Entries taken from a collection:
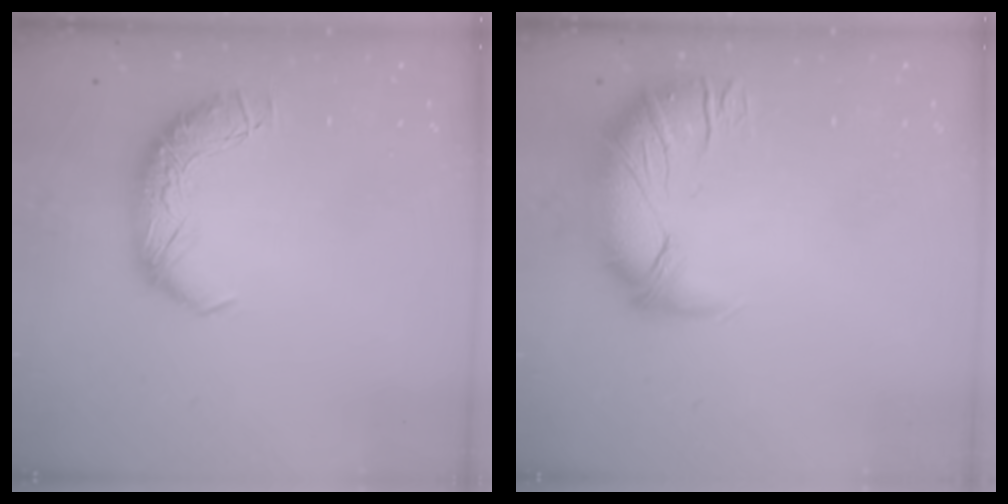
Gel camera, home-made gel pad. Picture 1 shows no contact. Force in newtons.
{"total": 3.1, "press": 2.1, "slide": 2.3}
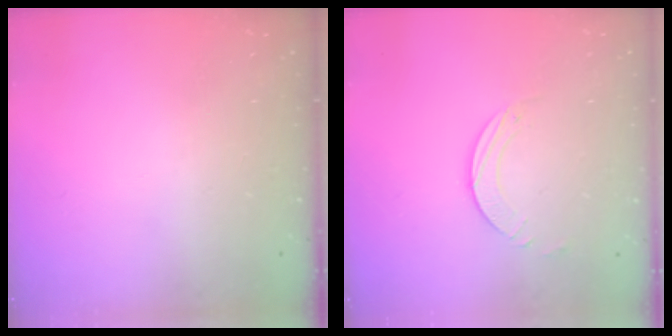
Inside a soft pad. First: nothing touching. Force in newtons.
{"total": 2.5, "press": 2.5, "slide": 0.2}
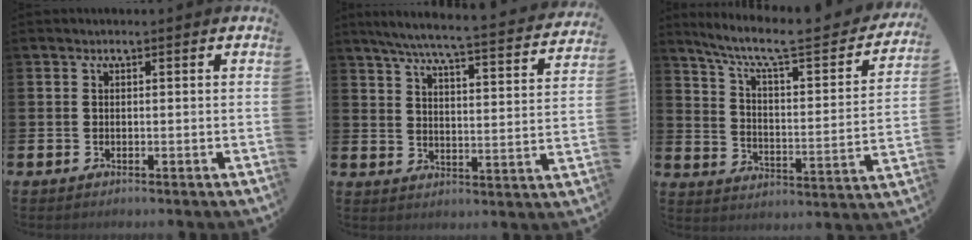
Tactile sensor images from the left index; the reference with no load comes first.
{"total": 6.3, "force": [5.6, 0.2, 2.9], "torque": [-0.069, -0.046, 0.090]}
{"total": 8.0, "force": [6.3, 1.8, 4.5], "torque": [-0.100, -0.050, 0.096]}

• **Required work**: Each line from the one with "Tactile sensor images" through the last line of the records must be written out word for word. Include nothing else.

• **Output for this task**:
Tactile sensor images from the left index; the reference with no load comes first.
{"total": 6.3, "force": [5.6, 0.2, 2.9], "torque": [-0.069, -0.046, 0.090]}
{"total": 8.0, "force": [6.3, 1.8, 4.5], "torque": [-0.100, -0.050, 0.096]}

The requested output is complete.